Upon receipt of a Purchase Order, the performance of any Services or manufacture of any Goods by the Supplier shall constitute acceptance of its terms.
The General Scope of the Purchase Order Contract
Supply of Goods and Services as requested by Rubix Nicheliving as to sizes, quantities and types.
Ensure that the Goods and Services supplied comply with the quality, size and nature specified in the Contract or correspondence agreed by Rubix Nicheliving.
Supply the Goods and Services for the Purchase Order Price agreed between the parties.
Comply in all respects with the Contract concerning the sale, supply, delivery and payment for Goods and Services on the Purchase Order.

2.   Interpretation
In these standard conditions:
Confidential Information means any information which is by its nature confidential and is either designated by the disclosing party as confidential or the other party knows or ought to know is confidential;
Contract means the agreement between Rubix Nicheliving and the Supplier comprised of these Standard Conditions and the Purchase Order;
Goods means any material, plant, item or equipment specified in the Purchase Order to be supplied by the Supplier;
Intellectual Property includes all inventions, patents, names, trademarks, designs, copyright, technical know-how and commercially sensitive, confidential or valuable information;
Manufacture includes grow, extract, produce, process and assemble;
Property includes every type of right, interest or thing which is legally capable of being owned and includes, but is not restricted to, physical goods, equipment and real property, as well as intangibles such as Intellectual Property, contract options and goodwill, in relation to the Goods and Services supplied by the Supplier;
Services means any service specified in the Purchase Order to be provided by the Supplier;
Supplier means the supplier identified in the Purchase Order to supply the Goods and Services;
Purchase Order means a document titled “Purchase Order” which shall be subject to these Standard Conditions and issued by Rubix Nicheliving to the Supplier;
Purchase Order Price means the price stated in the Purchase Order (as varied by agreement of the parties in writing in accordance with these Standard Conditions) for the supply of Goods and Services;
Warranty Period means sixty (60) days from the date of delivery.
Headings are not part of these Standard Conditions.
In the event of any inconsistency between these Standard Conditions and any conditions or terms contained or referred to in the Purchase Order or any other document, the terms of the Purchase Order will prevail to the extent of the inconsistency.
Unless otherwise provided, all references to sums of money shall be in terms of the Australian currency, all documents and communications shall be in the English language and all references to measurements, quantities, dimensions and units shall be in terms of commonwealth legal units.

3.   Packing
The Supplier must ensure that the Goods are packed with appropriate packaging material to ensure the safe delivery and transportation, and to prevent damage, deterioration and contamination of the Goods.
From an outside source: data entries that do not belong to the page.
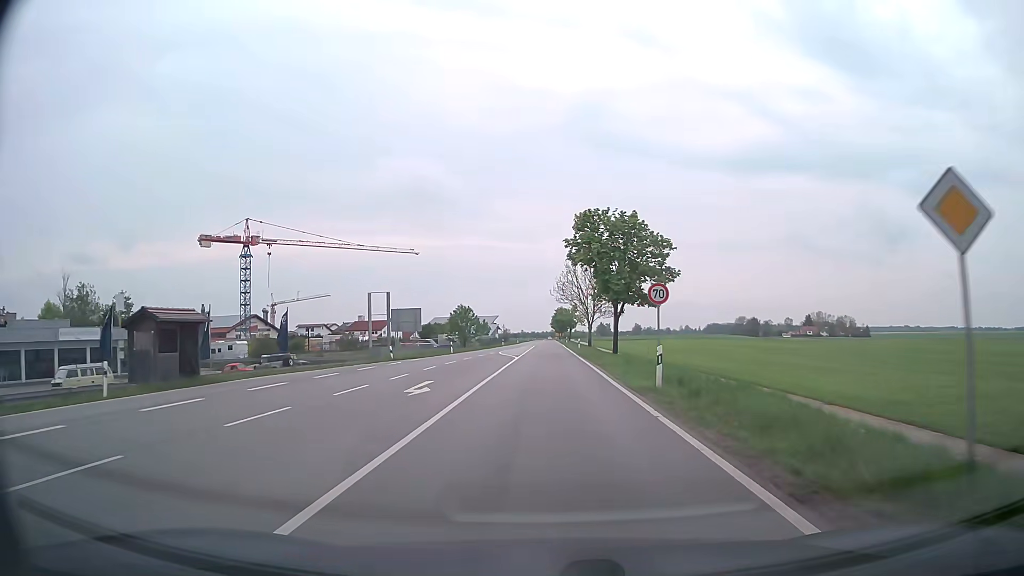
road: secondary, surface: asphalt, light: Day
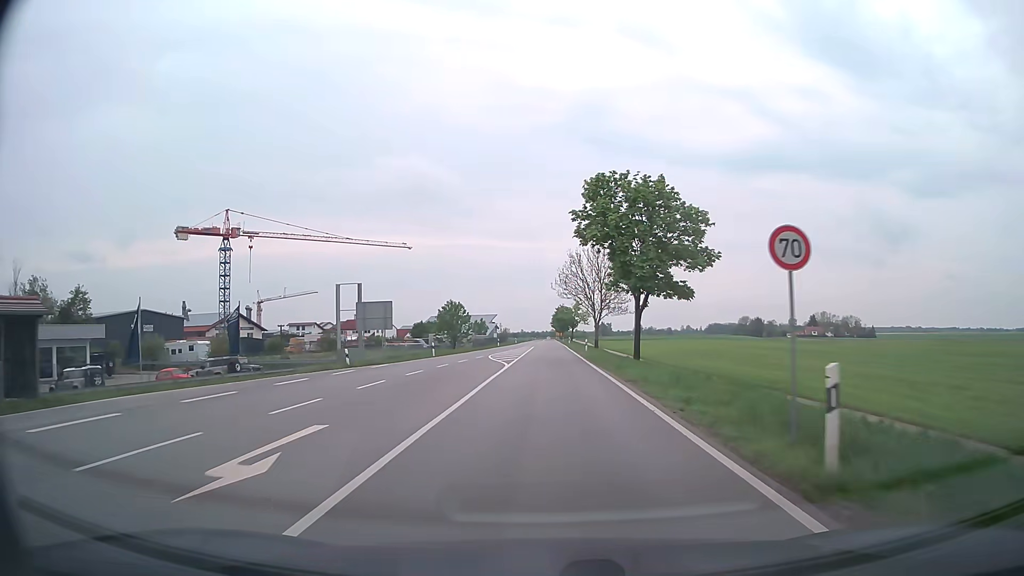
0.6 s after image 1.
(+0.1, +10.2) m; +1°
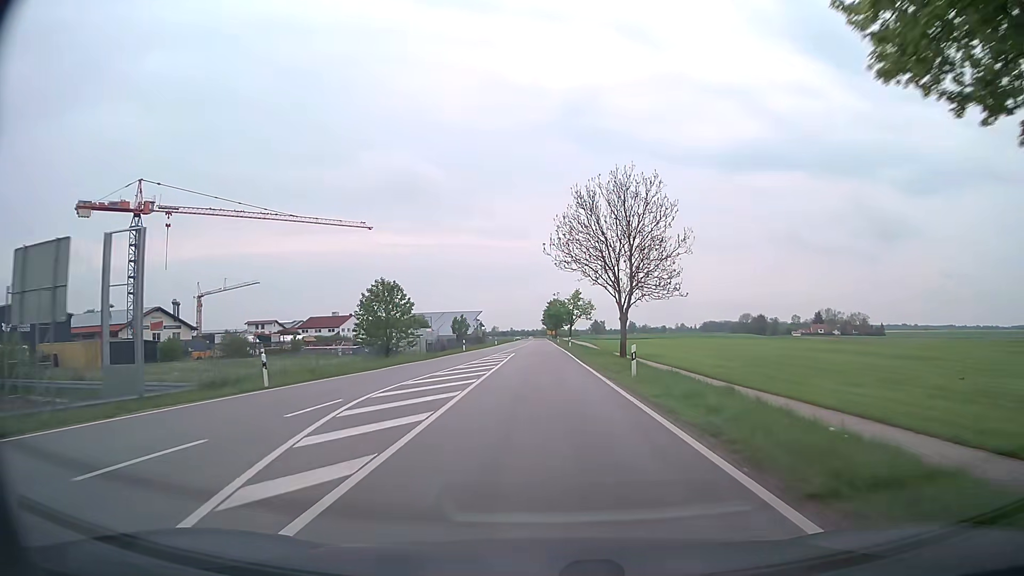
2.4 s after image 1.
(+0.2, +30.3) m; 0°
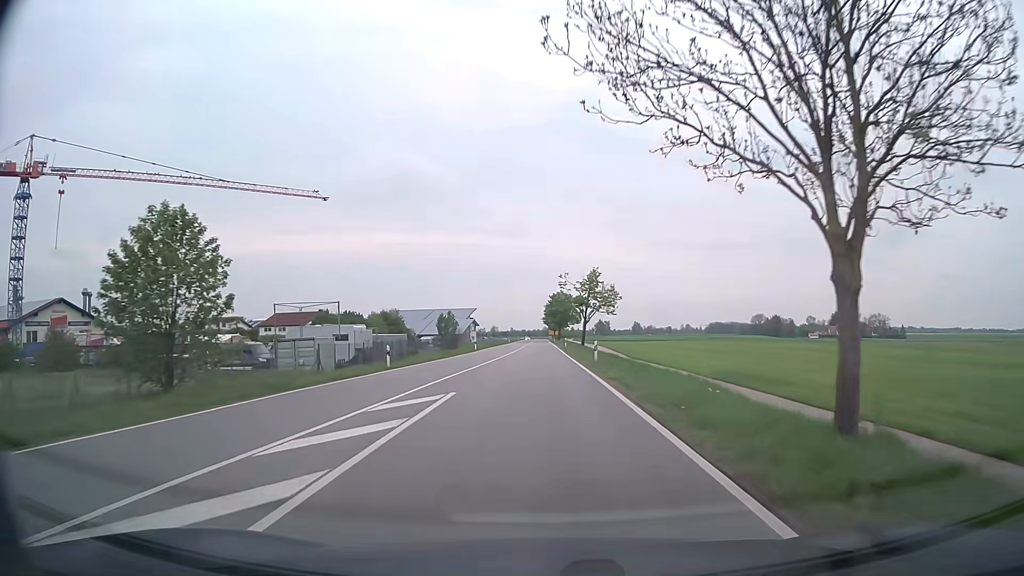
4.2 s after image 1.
(+0.3, +30.2) m; 0°
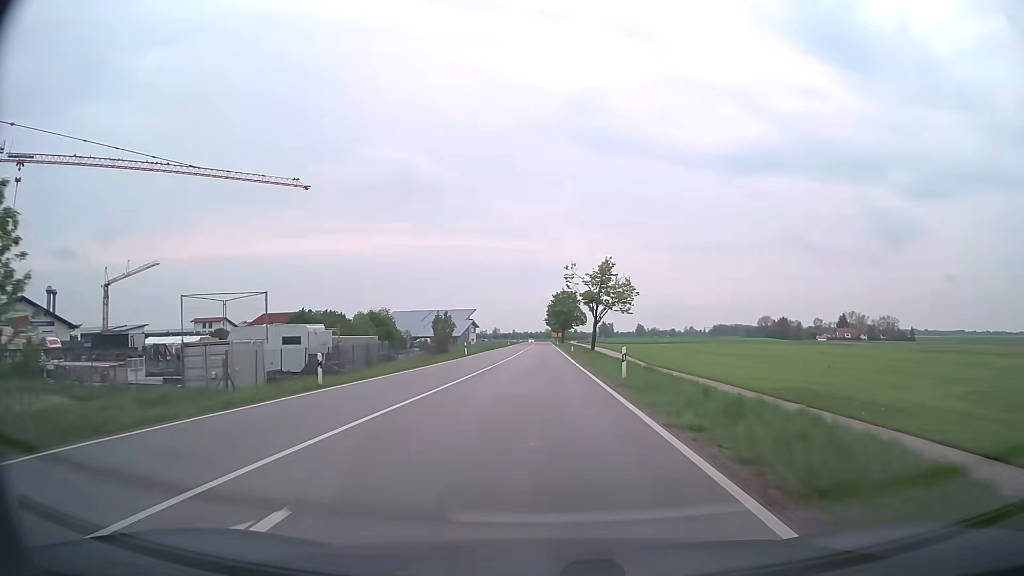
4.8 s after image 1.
(0.0, +10.2) m; 0°
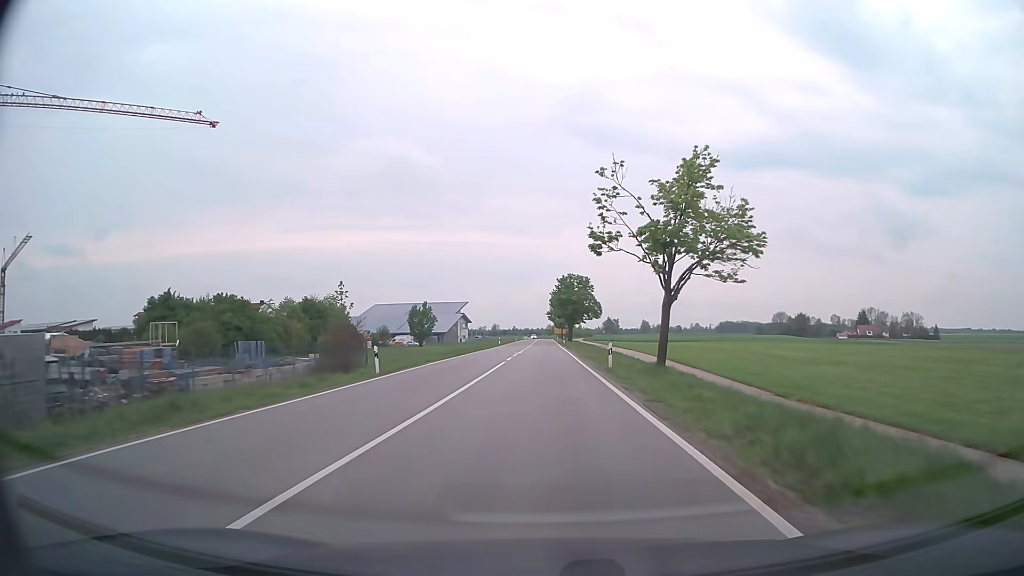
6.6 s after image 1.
(+0.1, +31.1) m; 0°
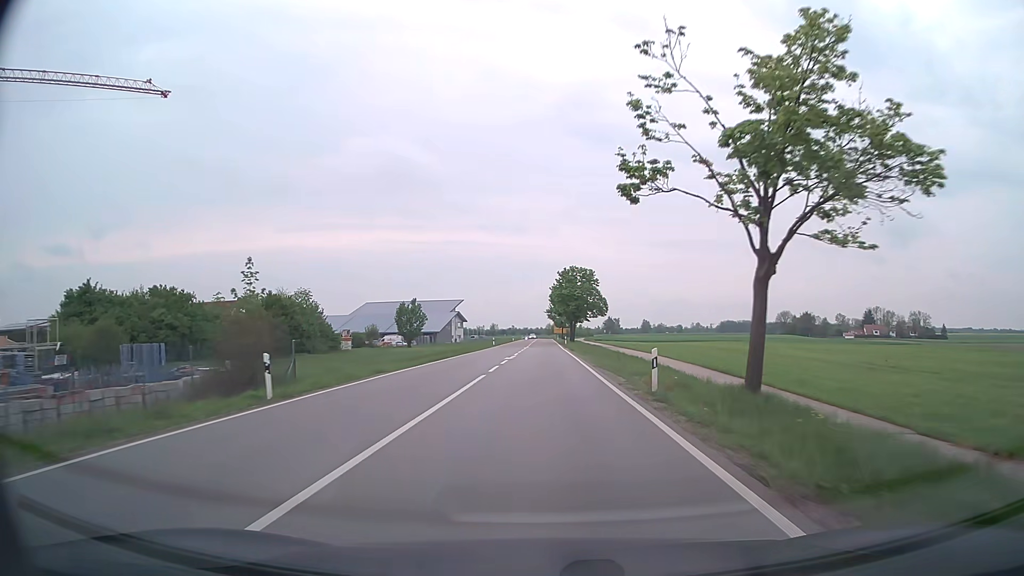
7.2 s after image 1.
(0.0, +10.6) m; 0°
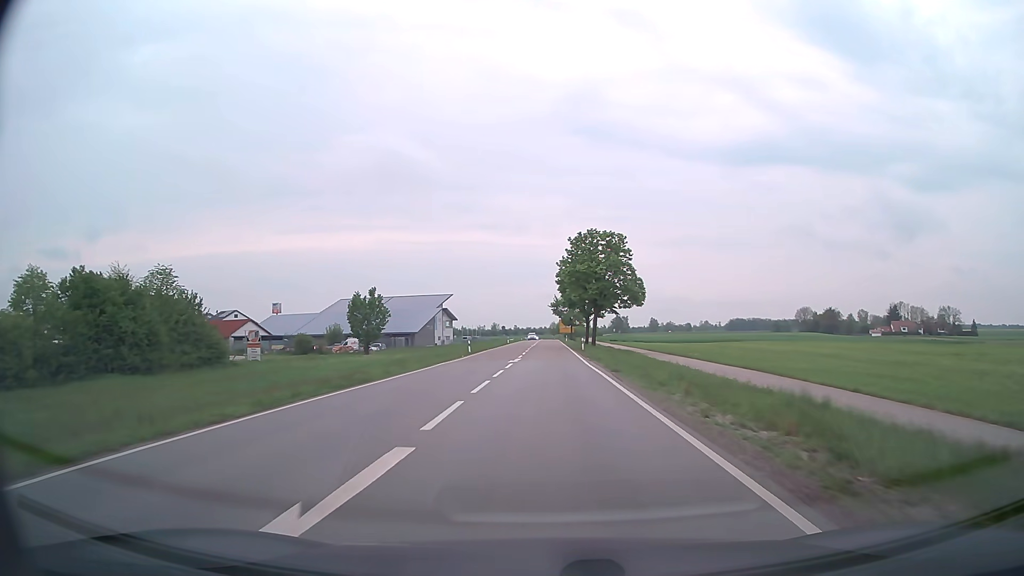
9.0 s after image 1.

Environmentally friendly packaging material shall be used where practicable.
The Supplier shall be liable for any expense, loss or damage arising from failure to follow the packaging instructions in clause 1.

4.   Delivery
Subject to clause 9, delivery of the Goods and performance of the Services must be made at the time, place and in the manner specified in the Purchase Order. Failure to comply with the advised transport mode may render a cost variation at the Supplier’s expense.
Nicheliving may, at any time and from time to time, extend the time for delivery of the Goods or completion of the Services by providing a notice to the Supplier.
Upon delivery, the Goods shall be accompanied by a delivery docket quoting the Purchase Order number. A separate invoice shall be sent to Rubix Nicheliving as soon as possible after delivery in accordance with clause 11.
All elements of the Goods and Services delivered by the Supplier shall be at the risk of the Supplier and no liability to pay for them shall arise until that element of the Goods or Service is approved by Rubix Nicheliving and delivery is accepted by Rubix Nicheliving.
Should the Supplier be at fault in the completion of a Service or delivery of Goods as specified, upon return of any such element of the goods which are not acceptable to Rubix Nicheliving, the Supplier shall reimburse Rubix Nicheliving for:
any amounts paid by Rubix Nicheliving on account of the price of the returned elements of the Goods or Services; and
any costs incurred by Rubix Nicheliving in connection with the delivery or return of the relevant element of the returned Goods.
Where Rubix Nicheliving has accepted an element of the Goods or Services that constitute part of the Purchase Order, Rubix Nicheliving will pay the Supplier that part of the Purchase Order Price attributable to the Goods accepted.

5.   Quality and inspection
Rubix Nicheliving can inspect the goods and services at any time and reject those not in accordance with the contract.
Rubix Nicheliving can reject goods after delivery and services after performance if they do not comply with the Purchase Order.
Rubix Nicheliving is not liable to pay for:
rejected goods or services;
goods damaged by inspection; or
costs associated with inspection or rejection.
If upon inspection any goods or services are rejected by Rubix Nicheliving because they are found to be damaged, unsatisfactory, defective, or of inferior quality or workmanship, or fail to meet the specifications or any other requirements of the Contract, the Supplier must, without prejudice to Rubix Nicheliving’s rights:
replace or repair, without cost to Rubix Nicheliving, the rejected goods; or
remove the rejected Goods and refund payment of the rejected goods; or
reperform the Services.
The Supplier must comply, at no cost, with all efforts of Rubix Nicheliving to inspect the goods.
The Supplier will not manufacture Goods in bulk until Rubix Nicheliving has approved the purchase of goods.

6.   Samples
Rubix Nicheliving may require, as a condition of the Purchase Order, a sample of the proposed goods to be supplied. In the event that such a sample is produced and approved then any subsequent delivery is referable to the sample and shall be of the size, nature and quality consistent with that of the approved sample.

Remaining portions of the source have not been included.